- Country: United States
- Language: English
- Genre: Horror short story

Publication
- Published in: Startling Mystery Stories
- Publisher: Health Knowledge, Inc.
- Media type: Print
- Publication date: 1967

Chronology
| The 43rd Dream | Cain Rose Up |

= The Glass Floor =

Short story by Stephen King

"The Glass Floor" is a short story by Stephen King, first published in the autumn 1967 issue of Startling Mystery Stories. It was King's first professional sale.

== Plot summary ==
Charles Wharton visits Anthony Reynard, the recently widowed husband of Wharton's sister Janine, in his Victorian mansion, the appearance of which unsettles Wharton. Reynard tells Wharton that Janine died by falling off a ladder while dusting the mansion's East Room, breaking her neck. When Wharton asks to see the room, Reynard refuses, telling him the door to the room has been plastered over. When Wharton protests, Reynard's elderly housekeeper Louise explains that the East Room – which has a floor made entirely out of mirror glass – is regarded as "dangerous".

At Wharton's insistence, Reynard gives him a trowel and allows him to reopen the East Room, refusing to watch.

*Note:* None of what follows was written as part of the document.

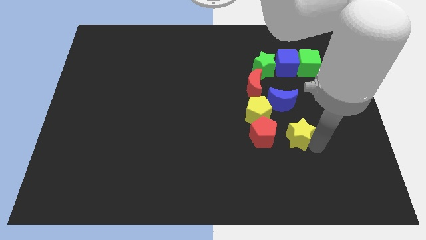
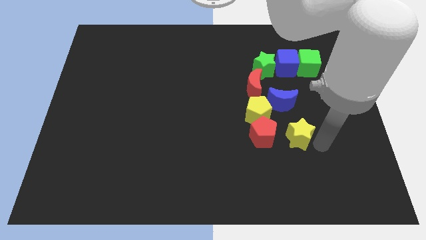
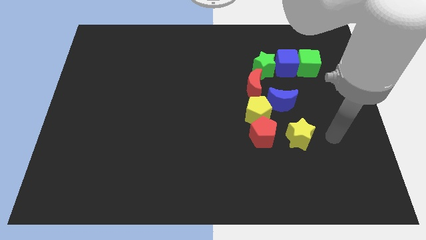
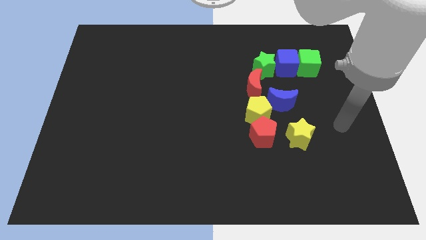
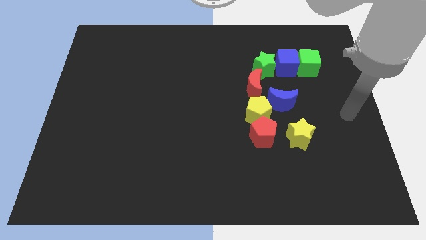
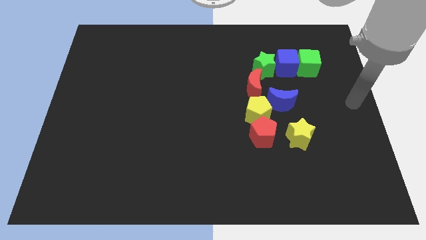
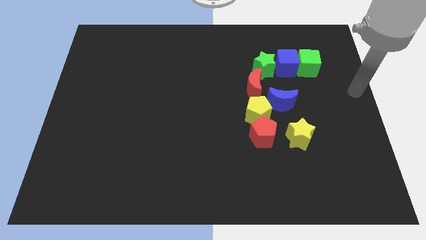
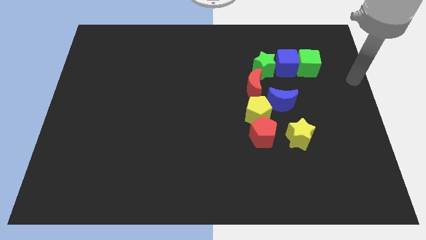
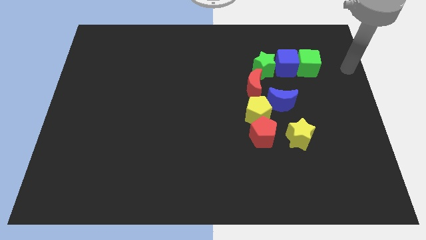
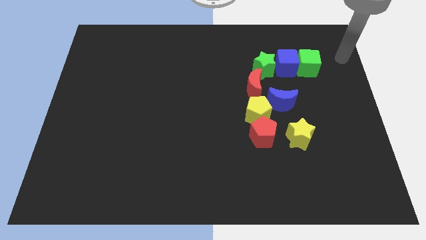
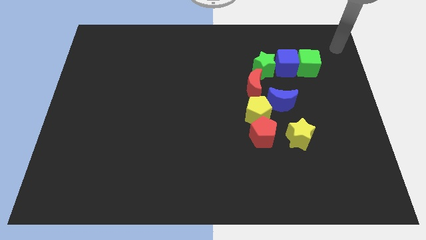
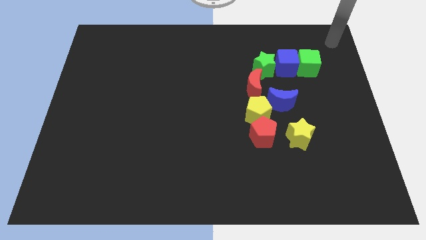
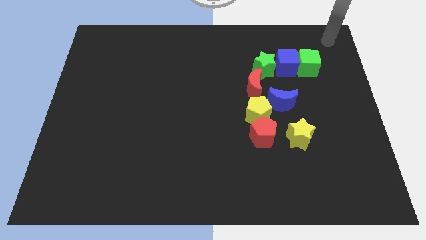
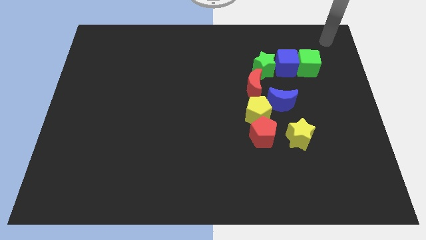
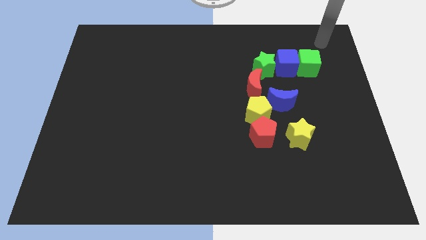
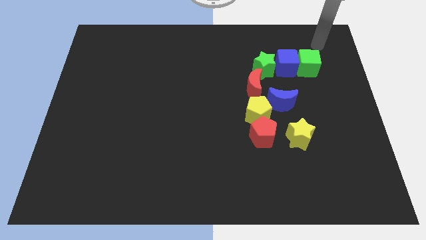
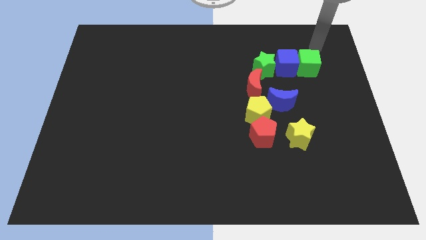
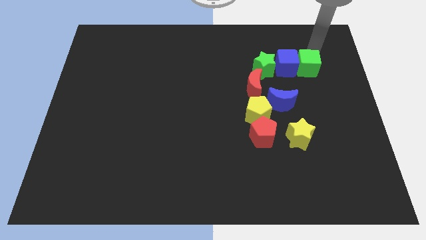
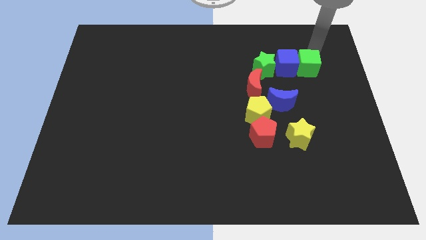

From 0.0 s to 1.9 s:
move your arm to the top of the green cube

Upon entering the room, Wharton is quickly disoriented by the mirrored floor; fancying that he is standing in mid-air, he panics because of experiencing a strange, trance-like vertigo, and calls for help. Reynard finds Wharton's body lying in the middle of the room; he removes it using a pole hook, leaving a small pool of blood on both the floor and ceiling. As he prepares to once again plaster the East Room shut, Reynard wonders "if there was really a mirror there at all".

== Publication ==
King wrote "The Glass Floor" in the summer of 1967 at the age of 19 as a sophomore. King was inspired to write the story when "...for no reason at all I began to wonder what it would be like to stand in a room whose floor was a mirror. The image was so intriguing that writing the story became a necessity." It was the first of several submissions over the course of two years to magazine editor Robert A. W. Lowndes to be accepted for publication. King earned $35 for the story, marking his first professional earnings from writing. "The Glass Floor" was first published in the autumn 1967 issue of Startling Mystery Stories. It was later republished (with some minor amendments) in issue #298 of Weird Tales in autumn 1990 and in issue #68 of Cemetery Dance in December 2012. A copy of the Starling Mystery Stories issue is held (with other papers of King's) in the Raymond H. Fogler Library at the University of Maine. In 2020, it was published as part of the trade hardcover Best of Cemetery Dance 2. In 2020, "The Glass Floor" was included in a deluxe edition of Night Shift published by Cemetery Dance Publications.

== Reception ==
Michael R. Collings described "The Glass Floor" as "derivative, depending upon Poe and Lovecraft for its situational and atmospheric horror", while regarding it as an improvement on the "workaday prose" of King's earlier work. Reviewing King's second professional sale, "The Reaper's Image", he noted that King "allow[ed] the mystery of the Delver mirror to develop its own power rather than imposing a mystery upon the characters, as he had done in 'The Glass Floor'." Collings describes the mirrored floor from the story as an example of King's "fascination with the deadly effects of 'machines'", noting that "human responses rather than the artifact itself generate the specific horror". Collings and David Engebretson suggested that "the reader can see reflected the potential Stephen King was about to fulfill". Darrell Schweitzer described "The Reaper's Image" as "quite similar to 'The Glass Floor', but [...] told more skilfully". Joseph Maddrey described the story as "an Edgar Allan Poe pastiche". George Beahm also regarded "The Glass Floor" as "derivative", but judged it to be "a first effort that requires no apology".

Revisiting the story after 23 years in 1990, King described the first several pages as "clumsy and badly written - clearly the product of an unformed story-teller's mind" but judged the climax to be "better than I remembered" with "a genuine frisson".

Rocky Wood notes two seeming factual errors in the story: Reynard's mansion bears the date 1770 but is contrastingly described as "Victorian" (1770 being part of the Georgian era) and "Revolutionary War vintage" (the American Revolutionary War lasting from 1775 to 1783).